Past the second door is a 60 person capacity briefing/conference room with two 72″ projection screens. They are going to install a “smart window” that allows one to write directly on the screen and have their writing appear on the big screens. The conference room is for representatives of government agencies and civil defense staff only .
The false floor, eight inches deeper than the walking surface, holds electrical outlets and cords, which can be moved across the floor by lifting panels of the carpet that fit together like a puzzle.
In case of a disaster, natural or otherwise, the people in the room can be kept in the safe area.

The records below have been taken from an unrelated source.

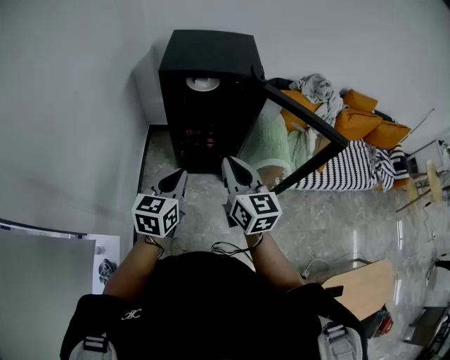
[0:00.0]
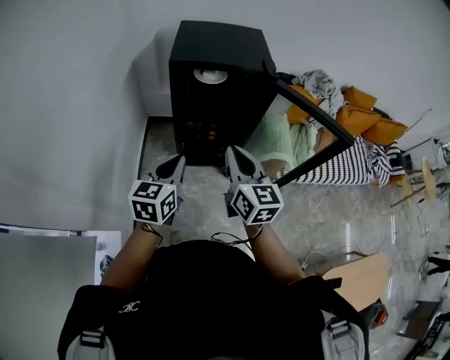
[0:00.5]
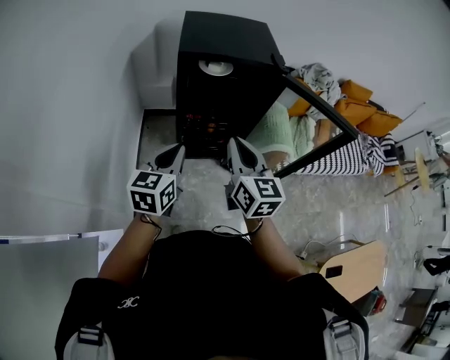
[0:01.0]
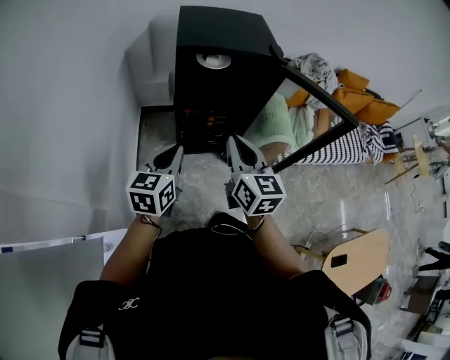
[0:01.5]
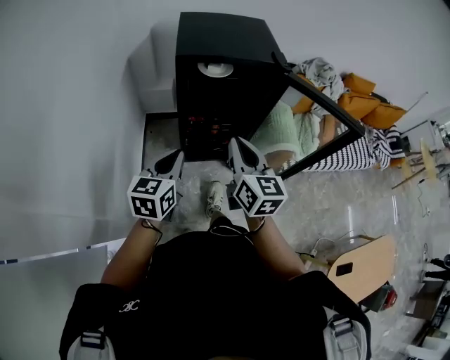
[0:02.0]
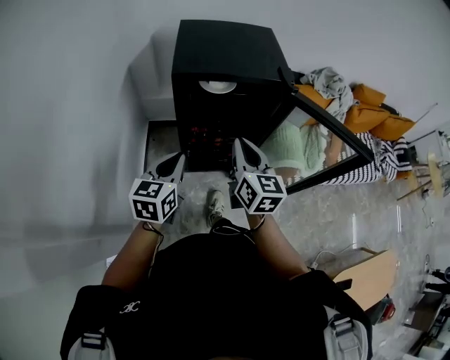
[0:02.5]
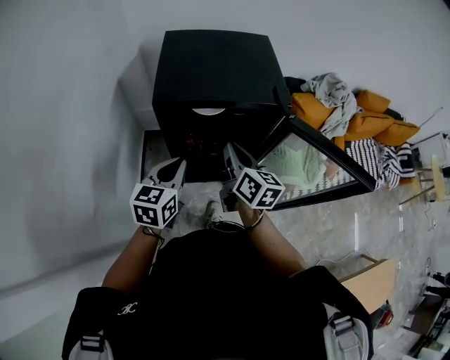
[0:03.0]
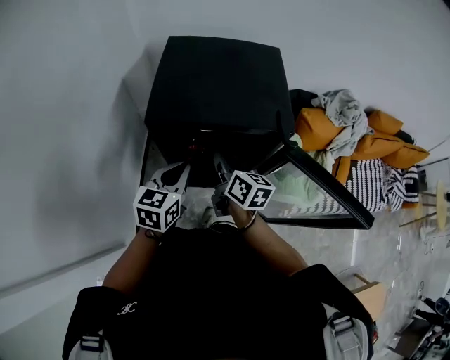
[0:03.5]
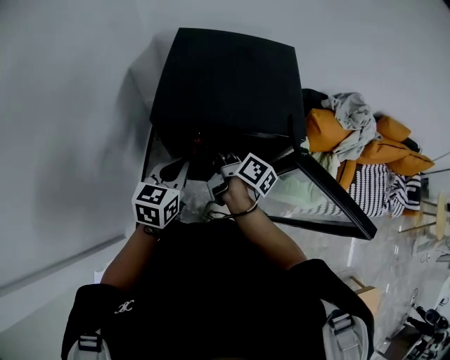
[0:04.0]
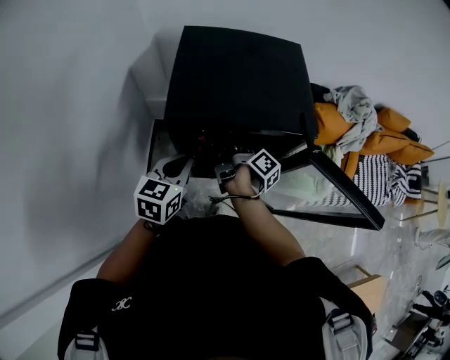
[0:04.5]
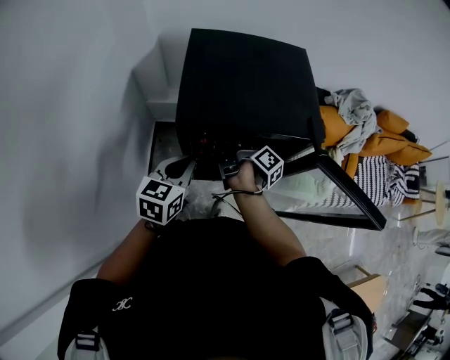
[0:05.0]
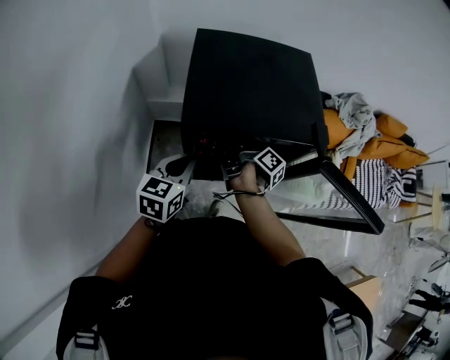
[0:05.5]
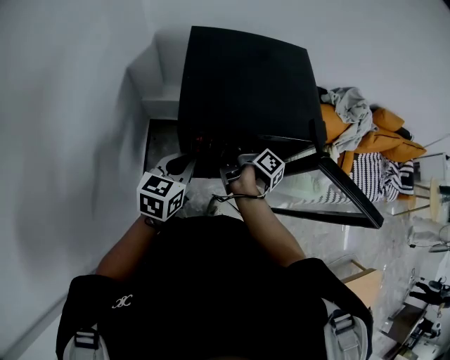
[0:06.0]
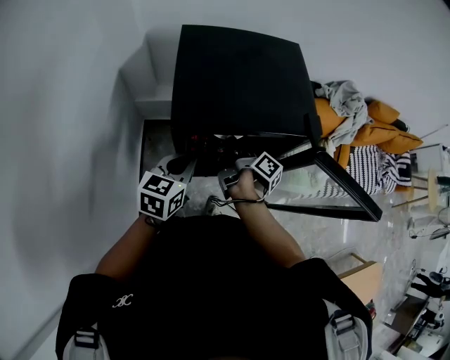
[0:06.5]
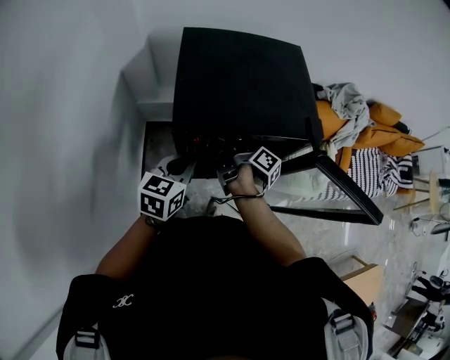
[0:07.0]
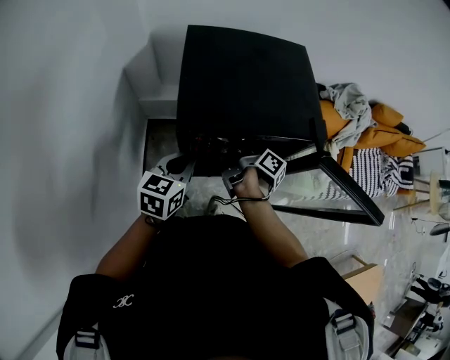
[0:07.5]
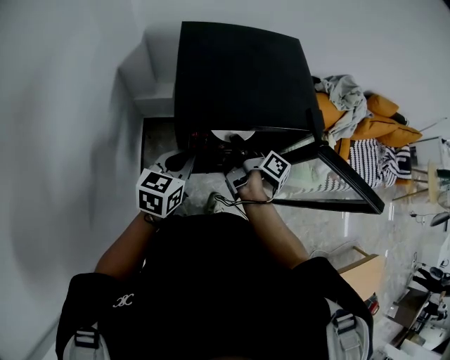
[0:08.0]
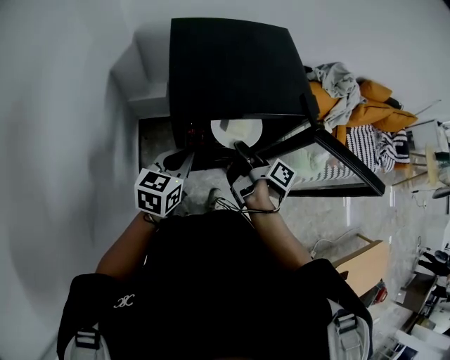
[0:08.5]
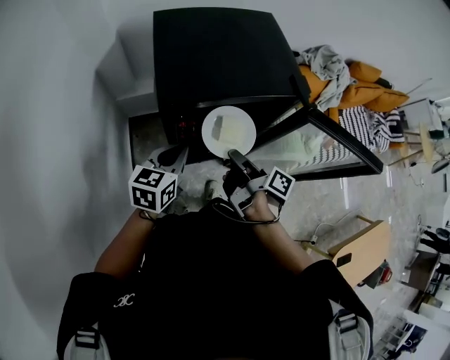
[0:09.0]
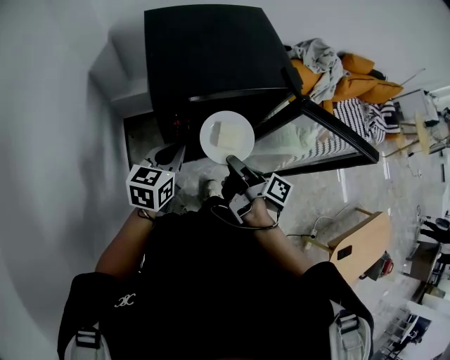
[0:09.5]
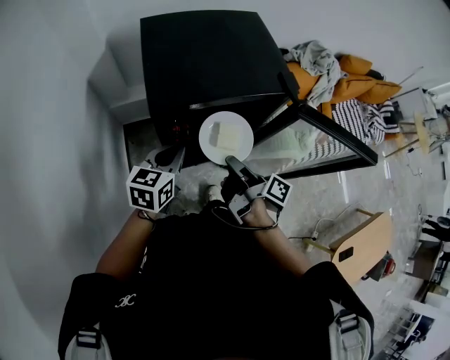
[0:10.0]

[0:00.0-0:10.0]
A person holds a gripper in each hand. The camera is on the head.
0:00.0 to 0:02.0: Both grippers move to the left, about 10 cm.
0:02.0 to 0:04.0: The two grippers go some 30 cm forward. The right gripper twists about 50 degrees clockwise, seen from behind.
0:04.0 to 0:06.0: The left gripper moves about 5 cm; the right gripper shifts by approximately 5 cm, and swivels about 20 degrees.
0:06.0 to 0:08.0: The grippers make only small movements.
0:08.0 to 0:10.0: The right gripper goes approximately 15 cm backward.

One main difference is that there won’t be any bunks or places for people to sleep inside the emergency operations center.

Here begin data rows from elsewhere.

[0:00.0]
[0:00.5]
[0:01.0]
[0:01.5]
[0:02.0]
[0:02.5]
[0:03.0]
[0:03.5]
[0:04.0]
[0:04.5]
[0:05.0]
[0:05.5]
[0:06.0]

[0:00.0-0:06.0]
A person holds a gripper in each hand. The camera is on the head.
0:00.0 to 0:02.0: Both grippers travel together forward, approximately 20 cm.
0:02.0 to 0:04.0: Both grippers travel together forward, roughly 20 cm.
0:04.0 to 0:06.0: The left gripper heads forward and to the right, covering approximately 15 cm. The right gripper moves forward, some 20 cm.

Staff of the prosecutor’s office, which is currently in a set of portable buildings near Wilcox Elementary School and the Kaua’i War Memorial Convention Hall, has already started moving items into their new offices upstairs and across the walkway from the Chief’s office.
For the most part, furnishings from the old police station will not be moved to the new building, and are instead being given to the police substations. Several of the safes will be brought to the new building, but the rest of the furnishings, if they aren’t going to used for the police department’s “visitor’s center,” will most likely be left in the building when it is turned over to the State’s control.
The blessing and grand opening of Ka Hale Maka’i ‘O Kaua’i will be held Oct. 25 at 2 p.m. The public is invited to attend, but seating is limited. The new facility can be reached via Ho’olako Street around Vidinha Stadium in Lihu’e.